BIOS: Phoenix ROM BIOS PLUS Version 1.10 AO4
Processor: Intel(R) Premium(R) M Processor 1.73GHz
Memory: 504Mb RAM
DirectX Version: DirectX 9.0c
System manufacturer: DELL Inc.
OS: Windows XP professional (5.1 build 2600)
System model: ME051:normal:ray:


----------



## nash_123 (Jan 16, 2010)

*Re: Devil may cry 3 error!!!*

and i upgraded my system video card, sound card and etc this morning but it really wont open,,,,, please help me


----------



## Lord Sirian (Jan 14, 2007)

Hi. Welcome to TSF.

Could you please follow all the instructions listed here and post back with the results.
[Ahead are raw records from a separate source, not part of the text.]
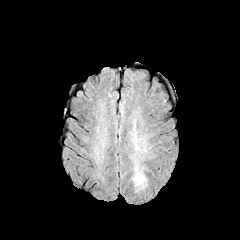
FLAIR magnetic resonance.
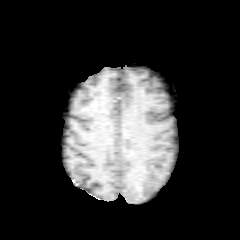
T1-weighted MR of the same slice.
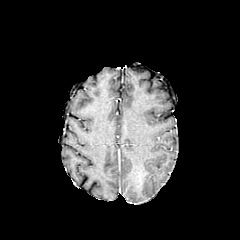
Same slice, post-contrast T1-weighted magnetic resonance.
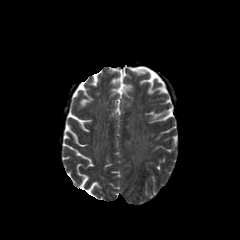
T2-weighted MR image.
Head
{
  "edema": [
    "bbox(135, 173, 146, 187)"
  ]
}
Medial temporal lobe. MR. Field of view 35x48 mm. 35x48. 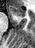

Also remember to include the rest of your system specs.


----------



## nash_123 (Jan 16, 2010)

I upgraded everyting for my laptop, but.......... it still wont work

nothing has changed!!!! grrrrr:upset::upset:

i hate dmc3!!!!!!!!!!!!!!!!!!!!!lthumbsdlthumbsdlthumbsd:evil:


----------



## Aus_Karlos (Mar 10, 2007)

It would still be nice to know your system specs.
Does your laptop meet the minimal requirements?


----------